**ABOUT THIS EXERCISE:** What is the number of lines in the records that contain "self"? Give only that number.

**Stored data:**

....

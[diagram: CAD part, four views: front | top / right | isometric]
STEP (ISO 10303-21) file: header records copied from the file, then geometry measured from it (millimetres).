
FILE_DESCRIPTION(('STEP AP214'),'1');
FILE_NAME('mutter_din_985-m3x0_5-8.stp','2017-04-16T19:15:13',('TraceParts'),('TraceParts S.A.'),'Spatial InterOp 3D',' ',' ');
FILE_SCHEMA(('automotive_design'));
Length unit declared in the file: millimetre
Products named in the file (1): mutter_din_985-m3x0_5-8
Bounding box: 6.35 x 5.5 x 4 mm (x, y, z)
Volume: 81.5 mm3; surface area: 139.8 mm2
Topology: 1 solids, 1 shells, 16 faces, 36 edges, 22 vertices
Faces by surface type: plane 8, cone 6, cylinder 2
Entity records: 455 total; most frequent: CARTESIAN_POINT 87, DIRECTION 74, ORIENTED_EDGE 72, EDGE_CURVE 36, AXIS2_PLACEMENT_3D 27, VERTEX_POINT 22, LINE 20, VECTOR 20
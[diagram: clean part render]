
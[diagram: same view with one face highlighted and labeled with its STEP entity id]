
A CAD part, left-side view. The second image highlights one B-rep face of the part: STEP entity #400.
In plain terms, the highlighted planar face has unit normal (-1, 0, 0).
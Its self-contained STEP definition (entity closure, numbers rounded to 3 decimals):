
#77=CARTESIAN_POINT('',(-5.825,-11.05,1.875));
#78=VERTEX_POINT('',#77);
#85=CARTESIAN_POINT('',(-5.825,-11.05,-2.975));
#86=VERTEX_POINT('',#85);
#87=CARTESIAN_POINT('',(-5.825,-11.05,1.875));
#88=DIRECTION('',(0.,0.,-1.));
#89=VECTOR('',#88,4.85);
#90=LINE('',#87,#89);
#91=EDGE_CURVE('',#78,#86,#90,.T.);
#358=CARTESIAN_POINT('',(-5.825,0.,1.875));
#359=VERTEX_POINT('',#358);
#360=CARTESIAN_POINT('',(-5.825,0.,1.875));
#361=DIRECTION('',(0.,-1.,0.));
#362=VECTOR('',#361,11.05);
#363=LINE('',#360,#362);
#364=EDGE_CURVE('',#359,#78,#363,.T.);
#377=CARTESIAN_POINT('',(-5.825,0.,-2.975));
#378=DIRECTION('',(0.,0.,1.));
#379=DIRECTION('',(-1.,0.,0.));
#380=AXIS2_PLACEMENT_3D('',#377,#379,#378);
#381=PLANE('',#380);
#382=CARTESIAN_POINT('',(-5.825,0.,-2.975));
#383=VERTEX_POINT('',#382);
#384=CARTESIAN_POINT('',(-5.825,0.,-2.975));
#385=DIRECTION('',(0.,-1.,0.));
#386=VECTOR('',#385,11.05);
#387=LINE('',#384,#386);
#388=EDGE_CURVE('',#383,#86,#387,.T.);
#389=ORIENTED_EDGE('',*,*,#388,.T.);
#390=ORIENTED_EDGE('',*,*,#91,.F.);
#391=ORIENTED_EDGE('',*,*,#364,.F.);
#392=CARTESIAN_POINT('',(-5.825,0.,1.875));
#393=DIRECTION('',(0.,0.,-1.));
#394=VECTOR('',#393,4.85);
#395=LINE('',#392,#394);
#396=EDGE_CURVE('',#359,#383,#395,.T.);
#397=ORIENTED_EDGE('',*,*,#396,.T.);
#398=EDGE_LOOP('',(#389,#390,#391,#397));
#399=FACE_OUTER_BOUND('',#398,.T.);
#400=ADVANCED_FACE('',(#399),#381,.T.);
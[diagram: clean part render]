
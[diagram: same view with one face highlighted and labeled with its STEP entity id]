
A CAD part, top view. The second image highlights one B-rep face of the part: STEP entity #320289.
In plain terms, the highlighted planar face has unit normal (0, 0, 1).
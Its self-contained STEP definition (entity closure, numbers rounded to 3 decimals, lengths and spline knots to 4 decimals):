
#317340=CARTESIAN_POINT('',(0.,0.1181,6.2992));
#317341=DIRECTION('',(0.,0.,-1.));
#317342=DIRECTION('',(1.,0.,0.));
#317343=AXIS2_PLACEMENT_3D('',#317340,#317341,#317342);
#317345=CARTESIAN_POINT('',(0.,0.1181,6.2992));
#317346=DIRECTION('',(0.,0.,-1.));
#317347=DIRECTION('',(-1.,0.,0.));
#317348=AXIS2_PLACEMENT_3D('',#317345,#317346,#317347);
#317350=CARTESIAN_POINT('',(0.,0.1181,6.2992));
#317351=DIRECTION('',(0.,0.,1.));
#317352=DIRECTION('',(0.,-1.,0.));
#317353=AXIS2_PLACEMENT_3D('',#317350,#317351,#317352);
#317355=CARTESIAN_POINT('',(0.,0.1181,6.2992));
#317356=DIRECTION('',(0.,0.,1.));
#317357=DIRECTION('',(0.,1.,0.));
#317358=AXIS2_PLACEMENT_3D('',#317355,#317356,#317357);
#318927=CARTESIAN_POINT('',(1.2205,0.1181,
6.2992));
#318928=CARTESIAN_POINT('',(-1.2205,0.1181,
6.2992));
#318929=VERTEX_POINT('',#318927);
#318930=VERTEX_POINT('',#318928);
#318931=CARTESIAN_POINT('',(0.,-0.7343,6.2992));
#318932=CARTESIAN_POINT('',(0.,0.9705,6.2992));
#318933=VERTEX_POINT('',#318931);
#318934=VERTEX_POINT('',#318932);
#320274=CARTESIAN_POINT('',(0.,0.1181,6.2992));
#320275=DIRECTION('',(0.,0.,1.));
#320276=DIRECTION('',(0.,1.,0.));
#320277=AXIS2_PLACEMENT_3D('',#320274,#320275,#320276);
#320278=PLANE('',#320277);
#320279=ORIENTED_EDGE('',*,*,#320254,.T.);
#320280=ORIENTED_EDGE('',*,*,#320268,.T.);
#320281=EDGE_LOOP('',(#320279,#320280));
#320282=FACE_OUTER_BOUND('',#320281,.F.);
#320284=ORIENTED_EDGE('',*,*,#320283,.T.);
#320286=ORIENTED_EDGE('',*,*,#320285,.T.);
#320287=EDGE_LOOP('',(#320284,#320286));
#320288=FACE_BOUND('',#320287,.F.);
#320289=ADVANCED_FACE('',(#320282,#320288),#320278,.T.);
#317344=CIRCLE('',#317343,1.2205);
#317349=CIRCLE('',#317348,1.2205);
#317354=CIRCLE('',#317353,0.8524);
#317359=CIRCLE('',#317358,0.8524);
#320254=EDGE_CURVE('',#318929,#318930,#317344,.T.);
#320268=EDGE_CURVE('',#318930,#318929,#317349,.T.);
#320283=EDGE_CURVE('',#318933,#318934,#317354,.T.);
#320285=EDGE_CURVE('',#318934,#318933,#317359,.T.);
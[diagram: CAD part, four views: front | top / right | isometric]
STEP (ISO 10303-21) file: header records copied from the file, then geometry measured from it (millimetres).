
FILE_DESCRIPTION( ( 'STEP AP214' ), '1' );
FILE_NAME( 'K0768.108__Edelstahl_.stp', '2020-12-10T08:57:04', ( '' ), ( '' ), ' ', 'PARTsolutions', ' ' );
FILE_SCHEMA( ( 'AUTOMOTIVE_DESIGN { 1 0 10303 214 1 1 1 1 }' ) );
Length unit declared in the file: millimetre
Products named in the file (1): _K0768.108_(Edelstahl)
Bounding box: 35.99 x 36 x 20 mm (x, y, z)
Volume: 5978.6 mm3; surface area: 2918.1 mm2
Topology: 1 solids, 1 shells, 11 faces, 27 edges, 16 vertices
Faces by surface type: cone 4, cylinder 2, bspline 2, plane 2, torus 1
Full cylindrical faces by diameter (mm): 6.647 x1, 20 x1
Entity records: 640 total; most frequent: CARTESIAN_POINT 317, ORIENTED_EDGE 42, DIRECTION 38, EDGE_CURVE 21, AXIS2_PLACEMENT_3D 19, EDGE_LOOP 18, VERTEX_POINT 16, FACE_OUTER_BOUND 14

....

**RESPONSE TO THIS EXERCISE:** 2